SUPPLIED DATA Block Start

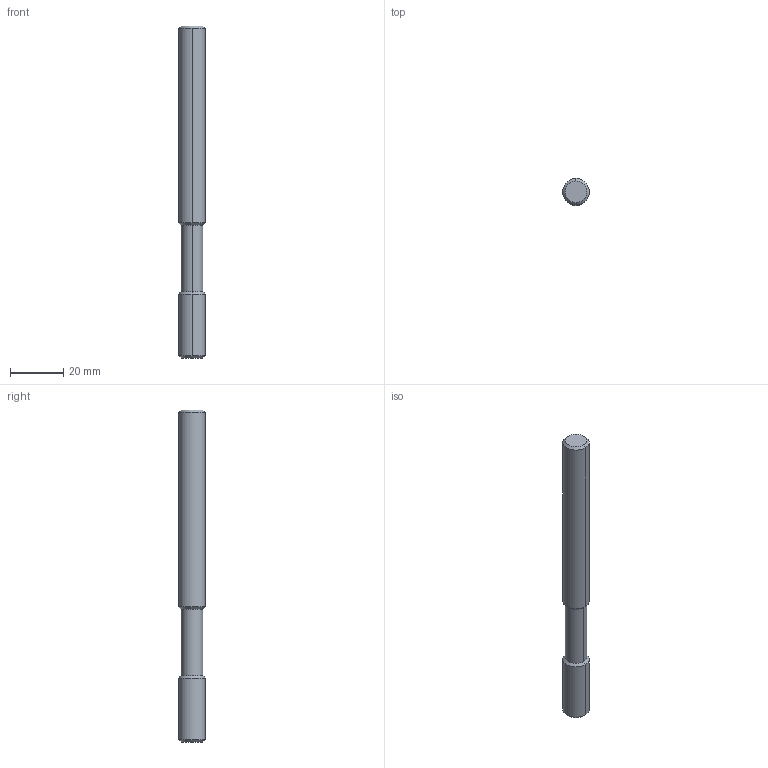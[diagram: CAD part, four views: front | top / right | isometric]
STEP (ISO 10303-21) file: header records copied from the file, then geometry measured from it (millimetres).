
FILE_DESCRIPTION(('STEP AP214'),'1');
FILE_NAME('HALDERN_EH_23040_0604.stp','2021-10-05T09:34:54',('TraceParts'),('TraceParts S.A.'),'Spatial InterOp 3D',' ',' ');
FILE_SCHEMA(('AUTOMOTIVE_DESIGN { 1 0 10303 214 1 1 1 1 }'));
Length unit declared in the file: millimetre
Products named in the file (1): HALDERN_EH_23040_0604
Bounding box: 10 x 10 x 125 mm (x, y, z)
Volume: 9111.5 mm3; surface area: 3919.9 mm2
Topology: 1 solids, 1 shells, 16 faces, 30 edges, 16 vertices
Faces by surface type: cone 8, cylinder 6, plane 2
Entity records: 546 total; most frequent: DIRECTION 80, CARTESIAN_POINT 63, ORIENTED_EDGE 60, AXIS2_PLACEMENT_3D 33, EDGE_CURVE 30, STYLED_ITEM 17, PRESENTATION_STYLE_ASSIGNMENT 17, SURFACE_STYLE_USAGE 17

SUPPLIED DATA Block End

▸ **WHAT YOU SHOULD DO**:
Copy out every line above without change, dropping the pictures.

▸ **THE ANSWER**:
[diagram: CAD part, four views: front | top / right | isometric]
STEP (ISO 10303-21) file: header records copied from the file, then geometry measured from it (millimetres).
FILE_DESCRIPTION(('STEP AP214'),'1');
FILE_NAME('HALDERN_EH_23040_0604.stp','2021-10-05T09:34:54',('TraceParts'),('TraceParts S.A.'),'Spatial InterOp 3D',' ',' ');
FILE_SCHEMA(('AUTOMOTIVE_DESIGN { 1 0 10303 214 1 1 1 1 }'));
Length unit declared in the file: millimetre
Products named in the file (1): HALDERN_EH_23040_0604
Bounding box: 10 x 10 x 125 mm (x, y, z)
Volume: 9111.5 mm3; surface area: 3919.9 mm2
Topology: 1 solids, 1 shells, 16 faces, 30 edges, 16 vertices
Faces by surface type: cone 8, cylinder 6, plane 2
Entity records: 546 total; most frequent: DIRECTION 80, CARTESIAN_POINT 63, ORIENTED_EDGE 60, AXIS2_PLACEMENT_3D 33, EDGE_CURVE 30, STYLED_ITEM 17, PRESENTATION_STYLE_ASSIGNMENT 17, SURFACE_STYLE_USAGE 17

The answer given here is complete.